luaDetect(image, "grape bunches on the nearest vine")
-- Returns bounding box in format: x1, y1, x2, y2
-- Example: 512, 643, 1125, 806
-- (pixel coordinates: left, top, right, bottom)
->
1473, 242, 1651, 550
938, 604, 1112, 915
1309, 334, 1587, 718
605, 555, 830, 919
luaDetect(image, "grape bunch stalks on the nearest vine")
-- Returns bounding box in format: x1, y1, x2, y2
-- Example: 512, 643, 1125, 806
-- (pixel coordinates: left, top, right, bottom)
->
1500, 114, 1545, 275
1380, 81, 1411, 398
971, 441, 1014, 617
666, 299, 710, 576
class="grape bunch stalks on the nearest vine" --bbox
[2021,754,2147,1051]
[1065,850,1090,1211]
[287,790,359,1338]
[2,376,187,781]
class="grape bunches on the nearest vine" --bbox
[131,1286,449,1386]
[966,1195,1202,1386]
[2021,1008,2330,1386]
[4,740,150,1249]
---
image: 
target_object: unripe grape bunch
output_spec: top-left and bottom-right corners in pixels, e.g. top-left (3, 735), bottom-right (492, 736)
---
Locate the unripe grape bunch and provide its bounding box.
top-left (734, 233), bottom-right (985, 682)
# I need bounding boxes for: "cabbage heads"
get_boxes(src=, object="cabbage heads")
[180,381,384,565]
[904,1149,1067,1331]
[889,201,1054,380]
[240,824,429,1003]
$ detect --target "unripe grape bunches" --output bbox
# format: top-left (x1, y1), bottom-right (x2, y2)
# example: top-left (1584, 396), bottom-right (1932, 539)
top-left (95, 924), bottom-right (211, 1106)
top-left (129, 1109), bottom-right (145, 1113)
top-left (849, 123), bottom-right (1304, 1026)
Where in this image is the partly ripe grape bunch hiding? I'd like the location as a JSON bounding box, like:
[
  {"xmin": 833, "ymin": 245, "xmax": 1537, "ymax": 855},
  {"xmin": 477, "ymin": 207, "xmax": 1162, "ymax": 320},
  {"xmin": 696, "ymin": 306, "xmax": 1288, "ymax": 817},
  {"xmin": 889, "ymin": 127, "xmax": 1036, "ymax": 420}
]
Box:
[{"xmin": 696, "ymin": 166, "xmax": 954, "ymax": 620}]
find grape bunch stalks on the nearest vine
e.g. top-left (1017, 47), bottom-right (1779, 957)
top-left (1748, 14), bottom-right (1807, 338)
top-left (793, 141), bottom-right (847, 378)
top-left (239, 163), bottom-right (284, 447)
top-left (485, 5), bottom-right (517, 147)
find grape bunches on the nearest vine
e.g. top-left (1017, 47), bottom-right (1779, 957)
= = =
**What is needed:** Search the listing for the word "luaDetect" and return each line that holds it.

**Answer section:**
luaDetect(image, "grape bunches on the nearest vine")
luaDetect(image, "grape bunch stalks on the nearest vine")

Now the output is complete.